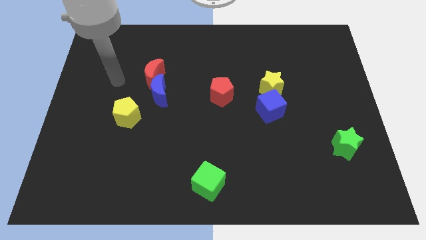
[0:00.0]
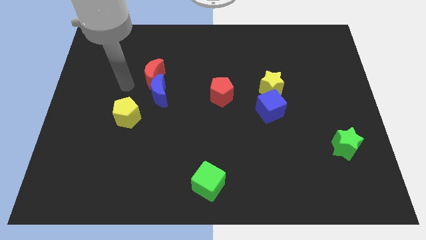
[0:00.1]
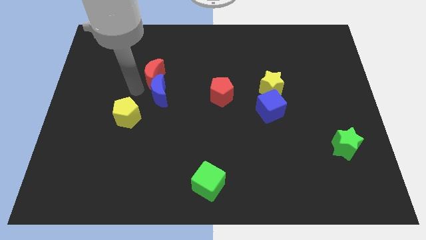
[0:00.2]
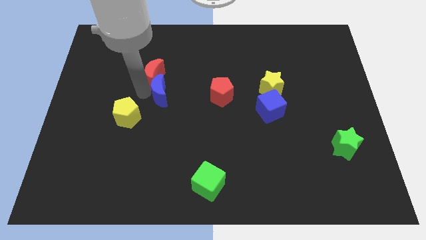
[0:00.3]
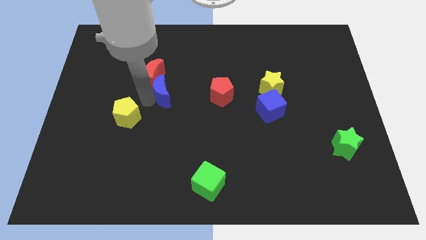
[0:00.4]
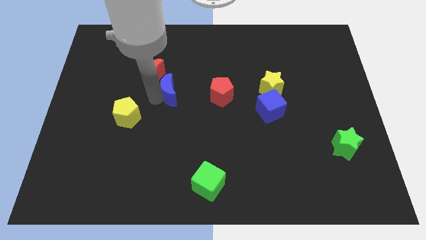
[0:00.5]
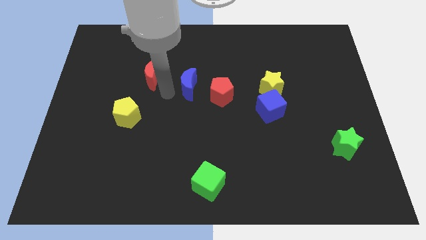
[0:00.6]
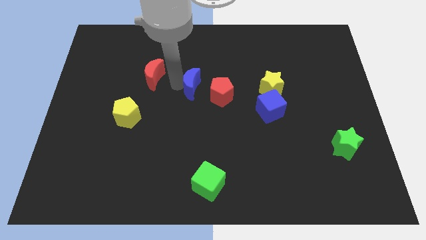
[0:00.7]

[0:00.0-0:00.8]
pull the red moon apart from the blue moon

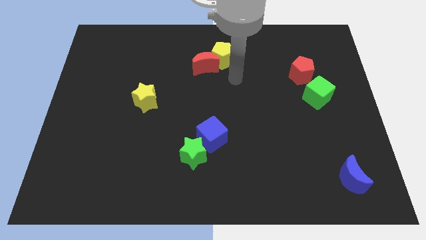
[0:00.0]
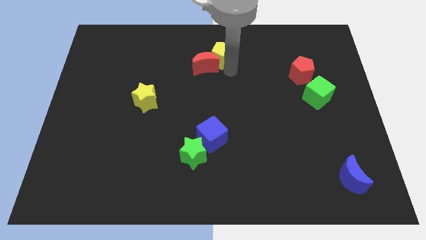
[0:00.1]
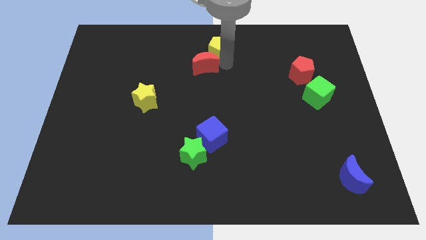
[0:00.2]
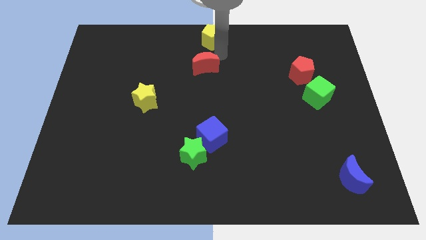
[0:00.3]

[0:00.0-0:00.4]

•••••

From the first line to the last, set down the records above exactly and skip the pictures.

**Written answer**.
[0:00.0]
[0:00.1]
[0:00.2]
[0:00.3]
[0:00.4]
[0:00.5]
[0:00.6]
[0:00.7]

[0:00.0-0:00.8]
pull the red moon apart from the blue moon

[0:00.0]
[0:00.1]
[0:00.2]
[0:00.3]

[0:00.0-0:00.4]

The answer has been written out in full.